[Start of Attachment]
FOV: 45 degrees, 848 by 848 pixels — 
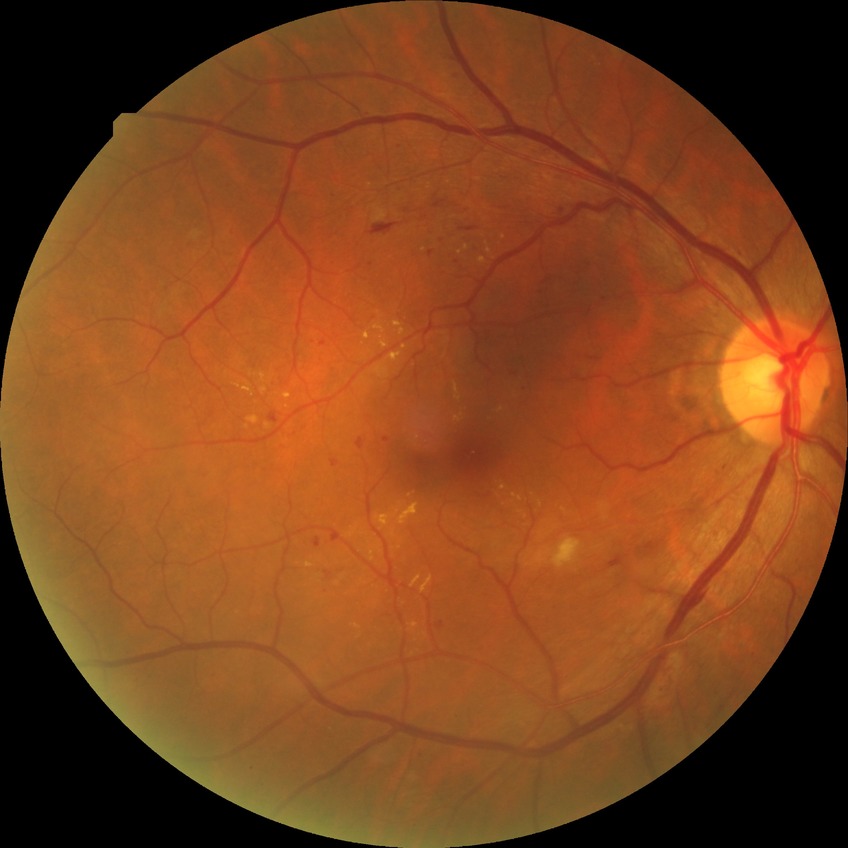
DR class = non-proliferative diabetic retinopathy; retinopathy stage = pre-proliferative diabetic retinopathy.
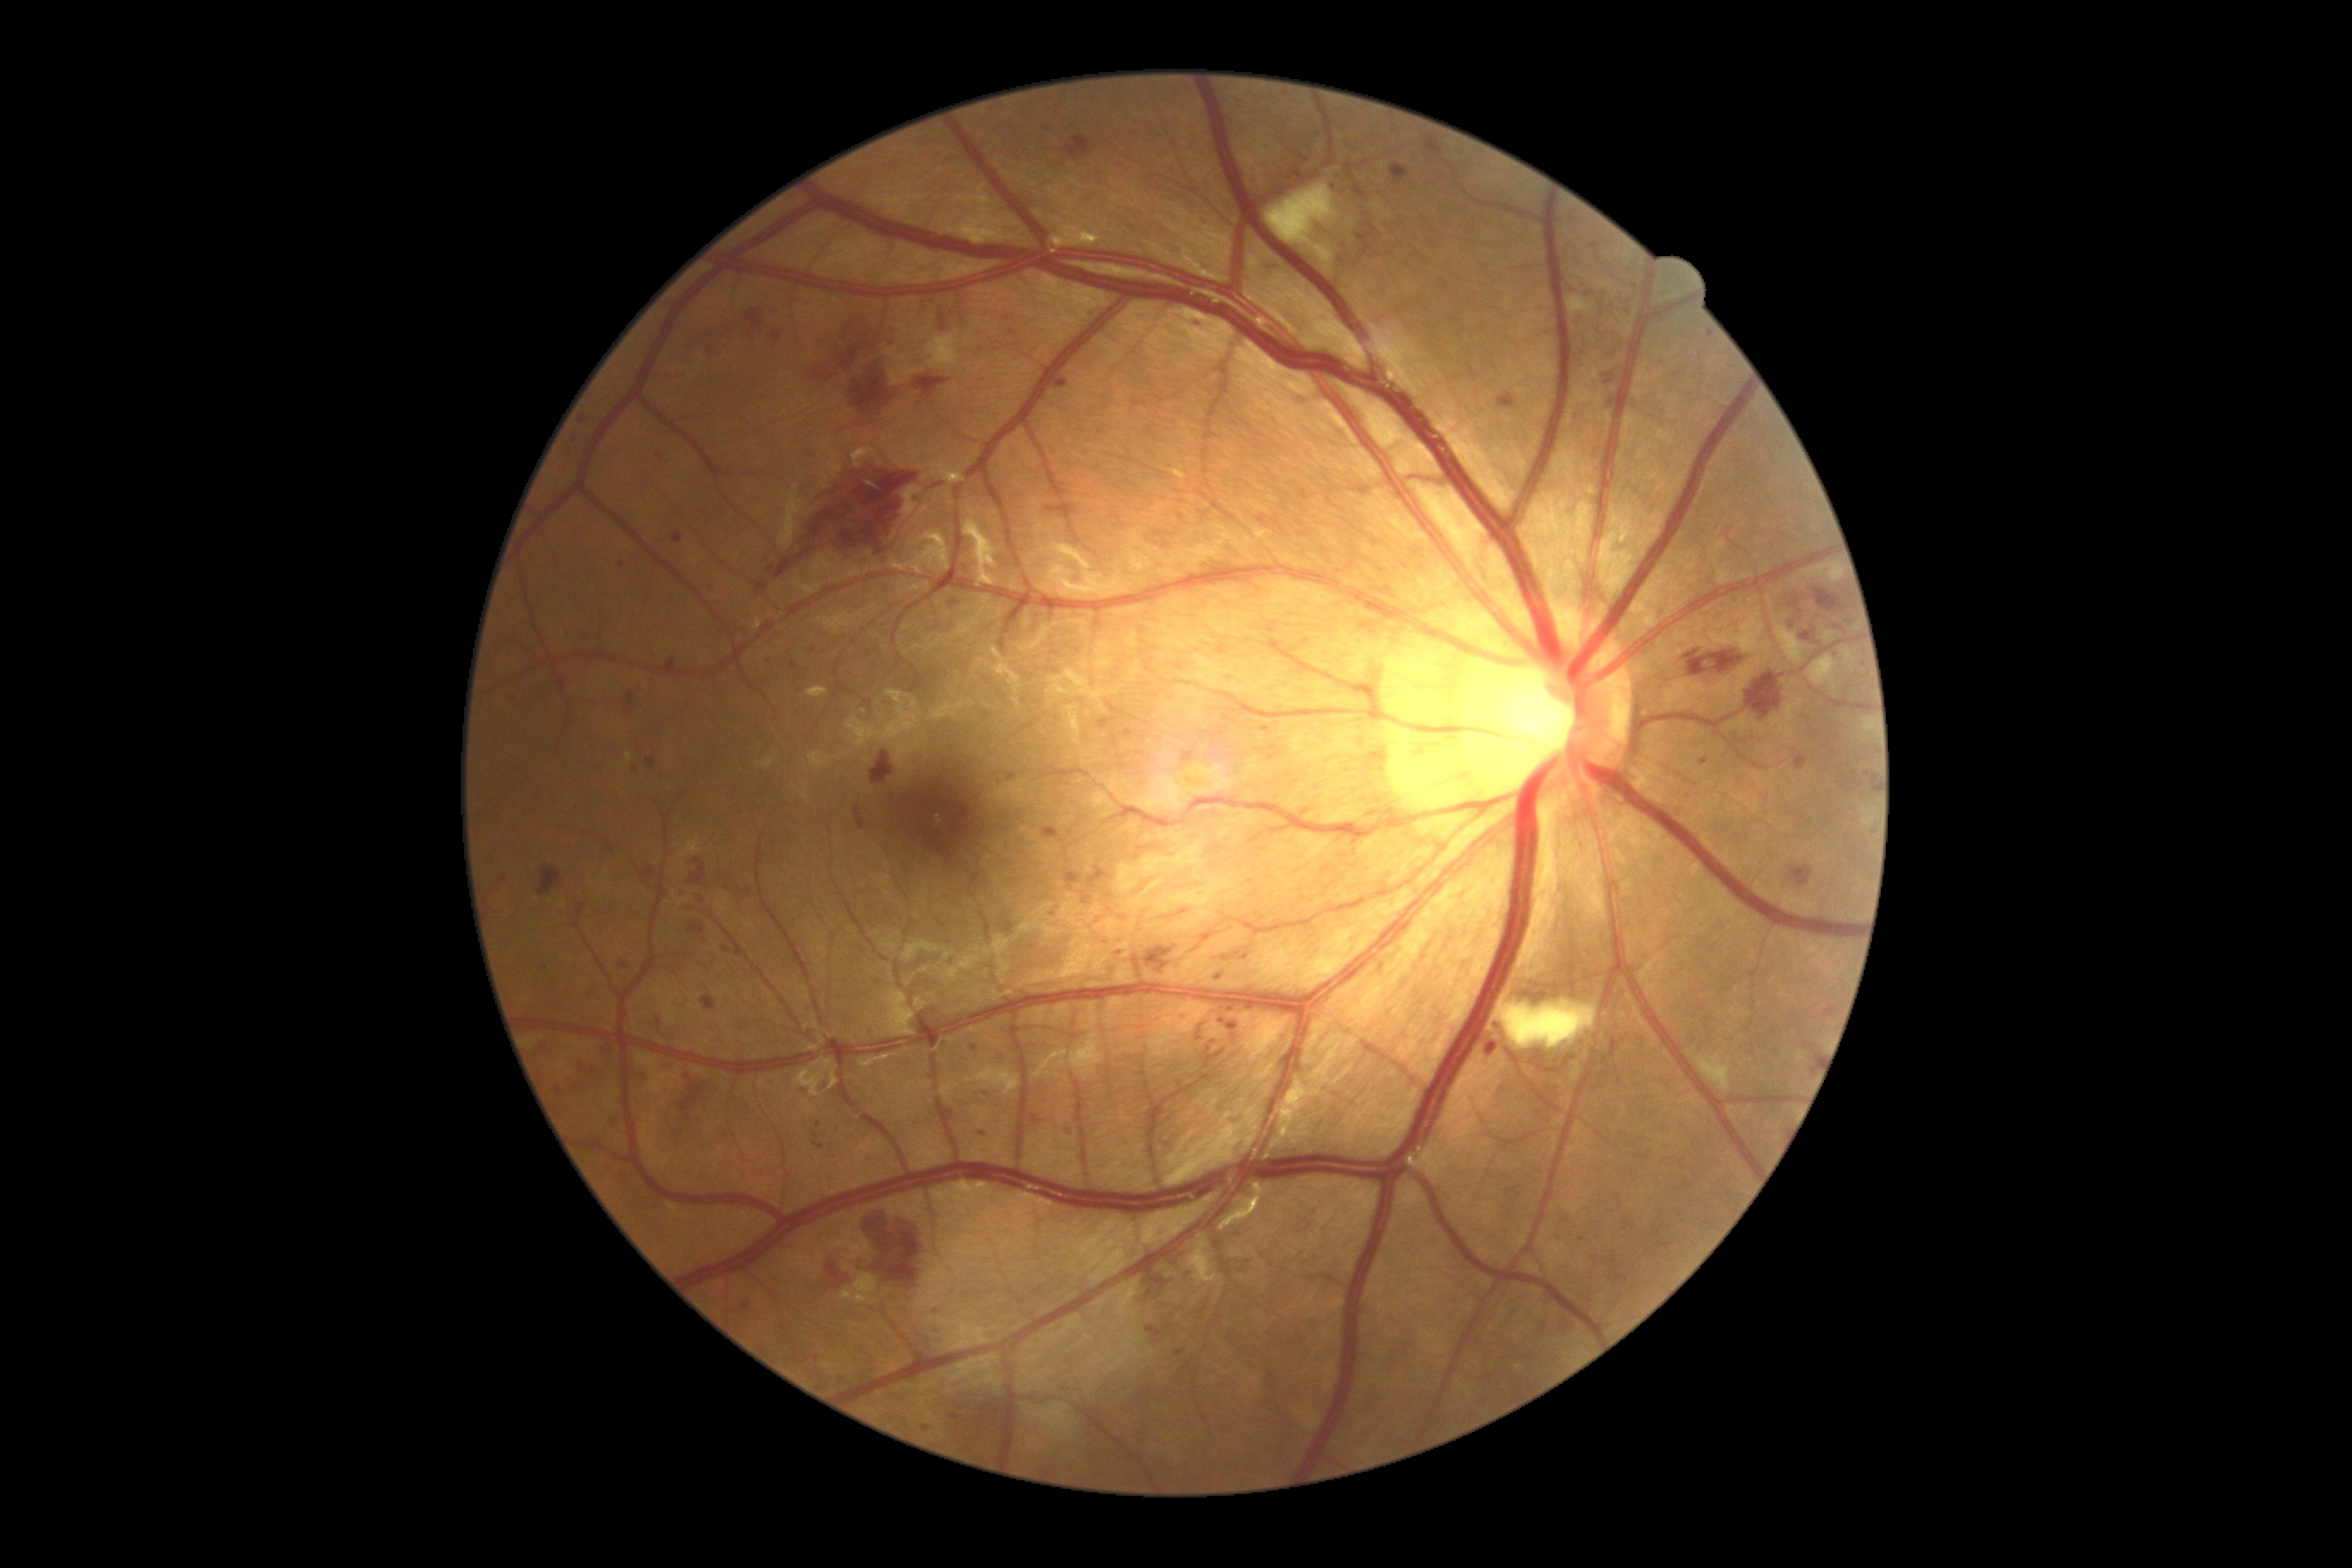 Diabetic retinopathy (DR): severe NPDR (grade 3)
Lesions identified (partial list):
hemorrhages (HEs) (subset) = rect(1144, 1270, 1179, 1309) | rect(852, 358, 891, 408) | rect(532, 1038, 548, 1057) | rect(747, 312, 763, 338) | rect(1799, 632, 1815, 642) | rect(916, 376, 950, 398) | rect(1789, 622, 1796, 630) | rect(1789, 599, 1804, 615) | rect(1043, 828, 1060, 840) | rect(1467, 365, 1479, 381) | rect(579, 1067, 597, 1075) | rect(689, 857, 706, 886) | rect(618, 962, 628, 969) | rect(537, 867, 561, 897) | rect(1089, 869, 1108, 886) | rect(639, 1062, 646, 1082) | rect(1844, 778, 1858, 787)
Small HEs approximately at <pt>710,350</pt> | <pt>800,198</pt> | <pt>896,329</pt>
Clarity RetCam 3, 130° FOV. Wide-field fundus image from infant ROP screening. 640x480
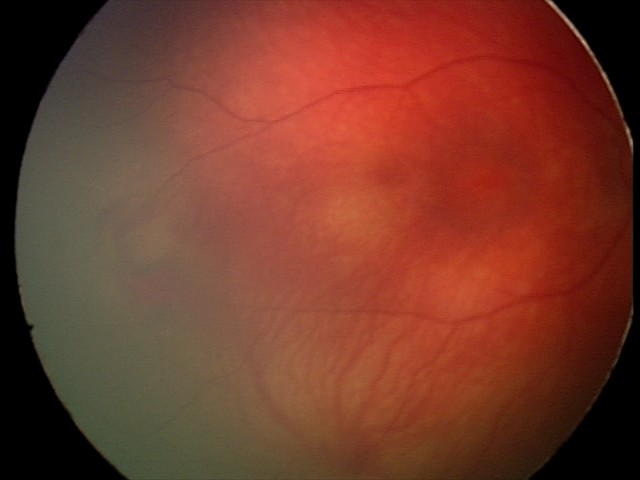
[End of Attachment]
#### [PROMPT]
Repeat exactly the lines above, from the line that contains "Diabetic retinopathy (DR): severe" down through the line that contains "Small HEs approximately". Include both of those lines and none of the pictures.

#### [ANSWER TO THE EXERCISE]
 Diabetic retinopathy (DR): severe NPDR (grade 3)
Lesions identified (partial list):
hemorrhages (HEs) (subset) = rect(1144, 1270, 1179, 1309) | rect(852, 358, 891, 408) | rect(532, 1038, 548, 1057) | rect(747, 312, 763, 338) | rect(1799, 632, 1815, 642) | rect(916, 376, 950, 398) | rect(1789, 622, 1796, 630) | rect(1789, 599, 1804, 615) | rect(1043, 828, 1060, 840) | rect(1467, 365, 1479, 381) | rect(579, 1067, 597, 1075) | rect(689, 857, 706, 886) | rect(618, 962, 628, 969) | rect(537, 867, 561, 897) | rect(1089, 869, 1108, 886) | rect(639, 1062, 646, 1082) | rect(1844, 778, 1858, 787)
Small HEs approximately at <pt>710,350</pt> | <pt>800,198</pt> | <pt>896,329</pt>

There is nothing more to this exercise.